United States District Court, S.D. California

September 13, 2019

JOSE RAUL JAQUEZ, Plaintiff,
v.
ANDREW M. SAUL, Commissioner of Social Security Administration, Defendant.

          ORDER ADOPTING REPORT AND RECOMMENDATION DENYING PLAINTIFF'S MOTION FOR SUMMARY JUDGMENT AND GRANTING DEFENDANT'S MOTION FOR SUMMARY JUDGMENT [DKT. NOS. 14, 15.]

          HON. GONZALO P. CURIEL, UNITED STATES DISTRICT JUDGE.

         On March 14, 2018, Plaintiff Jose Raul Jaquez (“Plaintiff”), proceeding in forma pauperis and with counsel, filed this action seeking judicial review of the Commissioner of Social Security's final decision denying Plaintiff's applications for disability insurance benefits and supplemental security income. (Dkt. No. 1.) Plaintiff filed a motion for summary judgment and Defendant filed a cross-motion for summary judgment. (Dkt. Nos. 14, 15.) On July 2, 2019, Magistrate Judge Bernard G. Skomal issued a Report and Recommendation (“R&R”) that Plaintiff's motion for summary judgment be denied and that Defendant's cross-motion for summary judgment be granted. (Dkt. No. 20.) Plaintiff filed an objection on July 16, 2019. (Dkt. No. 21.) After careful consideration of the R&R, the objections, the pleadings, the supporting documents, and the applicable law, the Court DENIES Plaintiff's motion for summary judgment, and GRANTS Defendant's cross-motion for summary judgment.

         Background

         On October 15, 2013, Plaintiff filed applications for disability insurance benefits (“DIB”) under Title II of the Social Security Act and supplemental security income (“SSI”) under Title XVI of the Social Security Act (“Act”) alleging a disability date of April 24, 2013. (Dkt. No. 12, Administrative Record (“AR”) 328-35; 336-41.) Plaintiff alleged disability based on diabetes, diabetic retinopathy, high blood pressure, blood clot on both eyes and surgery on both eyes. (AR 356.) Plaintiff's claims were initially denied on December 12, 2013, (AR 228), and again upon reconsideration on February 20, 2014. (AR 235.)

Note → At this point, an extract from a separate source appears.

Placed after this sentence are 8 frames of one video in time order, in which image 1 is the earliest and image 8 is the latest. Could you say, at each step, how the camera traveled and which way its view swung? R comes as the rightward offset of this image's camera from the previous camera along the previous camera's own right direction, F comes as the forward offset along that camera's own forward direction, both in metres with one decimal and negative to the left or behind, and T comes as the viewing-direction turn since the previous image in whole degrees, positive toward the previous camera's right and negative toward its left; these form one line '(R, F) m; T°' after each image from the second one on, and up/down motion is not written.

         On May 29, 2014, Plaintiff filed a written request for an administrative hearing. (AR 243.) On April 1, 2016, Plaintiff appeared with counsel and testified before Administrative Law Judge Peter J. Valentino. (AR 122-61.) On May 9, 2016, the ALJ issued a decision finding that Plaintiff was not disabled as defined under Title II and Title VI of the Act. (AR 17-31.) On January 24, 2018, the ALJ's decision became the final decision of the Commissioner when the Appeals Council denied Plaintiff's request for review. (AR 1-3.)

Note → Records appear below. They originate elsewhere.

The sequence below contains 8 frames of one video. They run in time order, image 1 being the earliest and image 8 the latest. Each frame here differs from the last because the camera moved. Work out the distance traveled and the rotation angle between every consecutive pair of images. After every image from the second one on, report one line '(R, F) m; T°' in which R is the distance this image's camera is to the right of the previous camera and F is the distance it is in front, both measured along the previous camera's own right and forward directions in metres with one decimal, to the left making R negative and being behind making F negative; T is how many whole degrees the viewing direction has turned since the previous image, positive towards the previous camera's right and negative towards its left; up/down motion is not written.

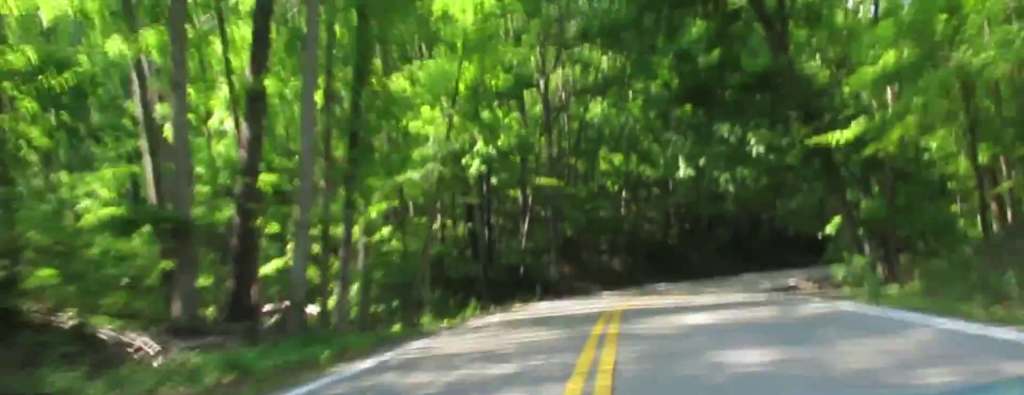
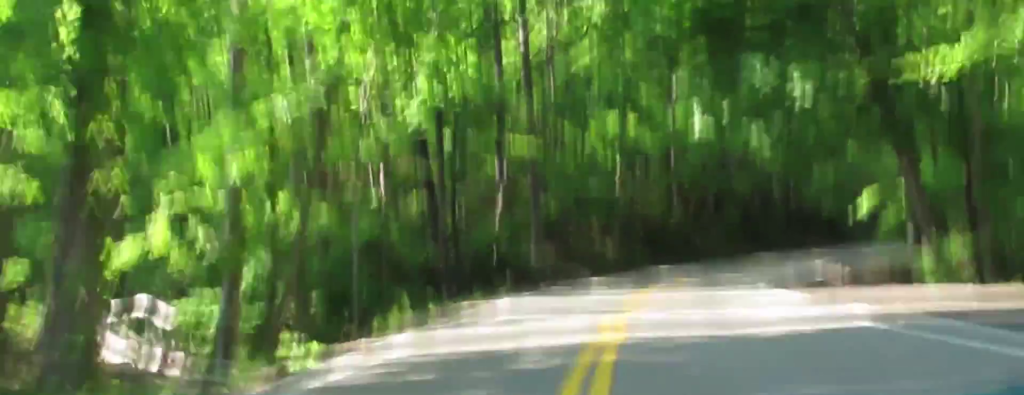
(-0.3, +11.4) m; -1°
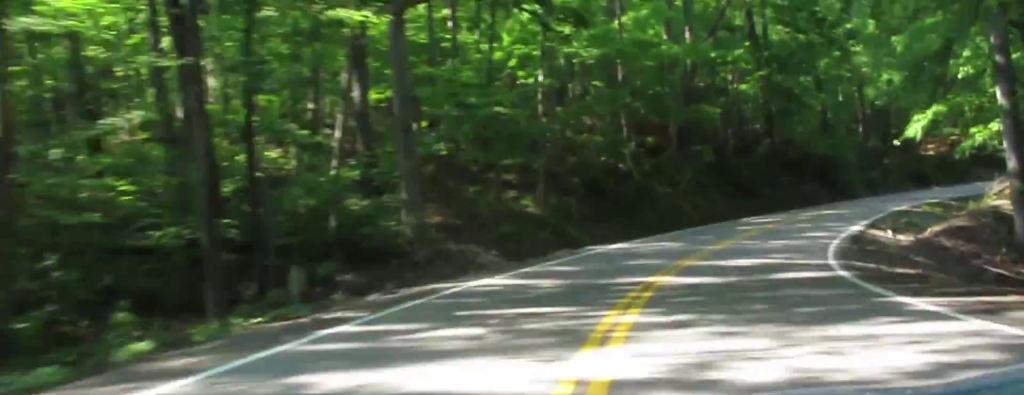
(+0.2, +20.9) m; +2°
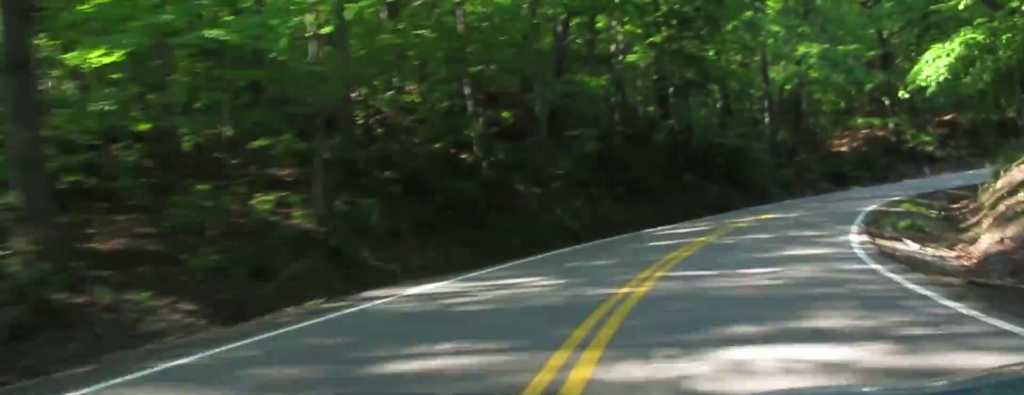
(0.0, +13.8) m; +4°
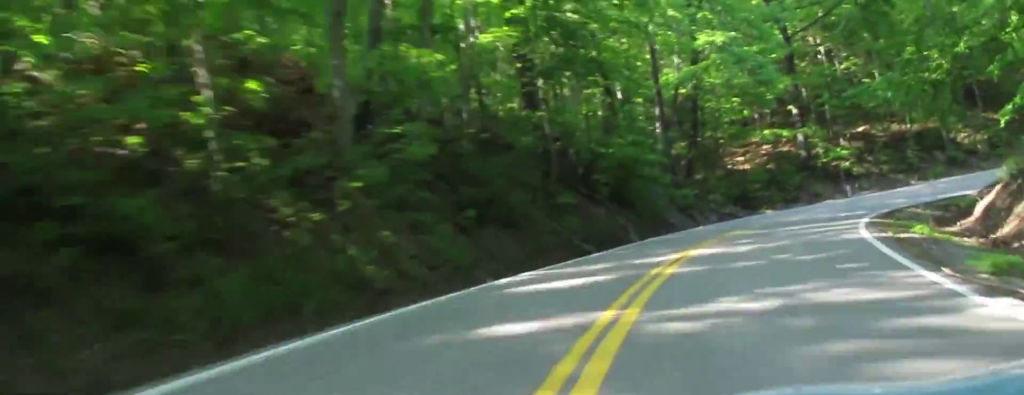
(+0.6, +10.5) m; +7°
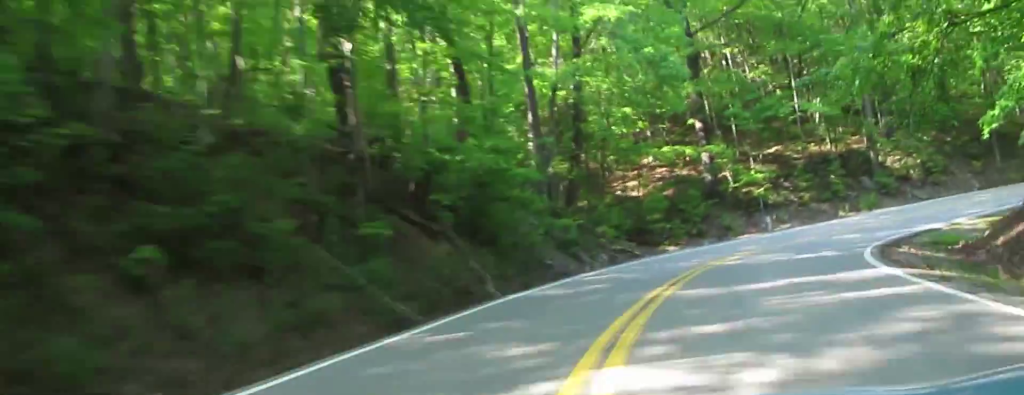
(+0.5, +8.7) m; +7°
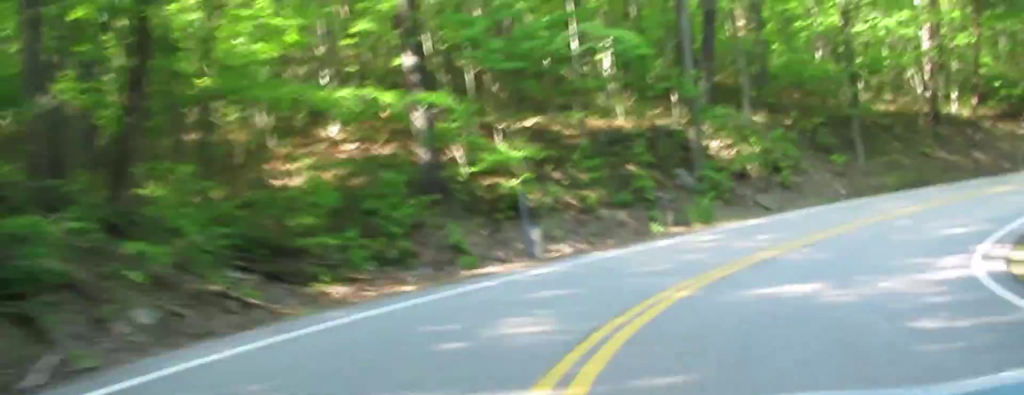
(+1.9, +14.6) m; +10°
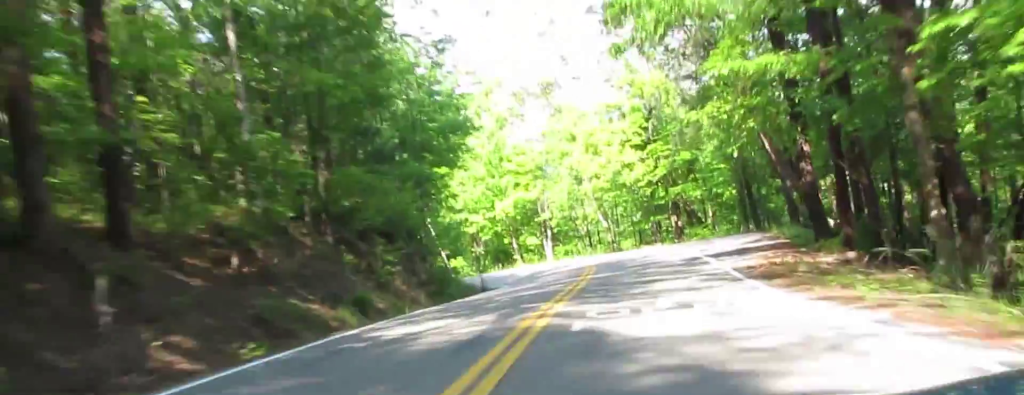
(+5.5, +33.0) m; +27°

         On March 14, 2018, Plaintiff commenced the instant action seeking judicial review of the Commissioner's decision. (Dkt. No. 1.) On June 8, 2018, Defendant answered and lodged the administrative record with the Court. (Dkt. Nos. 10, 12.) On July 13, 2018, Plaintiff moved for summary judgment. (Dkt. No. 14.) On August 15, 2018, the Commissioner cross-moved for summary judgment and responded in opposition to Plaintiff's motion. (Dkt. Nos. 15, 16.) On September 10, 2018, Plaintiff filed an opposition to Defendant's cross-motion for summary judgment and a reply to his motion for summary judgment. (Dkt. No. 18.) On October 1, 2018, the Commissioner filed a reply. (Dkt. No. 19.) On July 2, 2019, the Magistrate Judge issued its R&R and Plaintiff filed an objection on July 16, 2019. (Dkt. No. 21.)

         The ALJ Decision

         ALJ Peter J. Valentino applied the five-step sequential framework to determine that Plaintiff was not disabled. (AR 53-64.) He began the analysis finding Plaintiff met the insured status requirement through March 31, 2018. (AR 55.) At step one, the ALJ found that Plaintiff has not engaged in substantial, gainful activity since April 24, 2013. (AR 55.) At step two, the ALJ found that Plaintiff has had the following severe impairments: diabetic retinopathy secondary to insulin dependent diabetes mellitus. (AR 55.) At step three, the ALJ determined that Plaintiff does not have an impairment or combination of impairments that meets or medically equals the severity of one of the listed impairments in 20 C.F.R. Part 404, Subpart P, Appendix 1. (AR 57.)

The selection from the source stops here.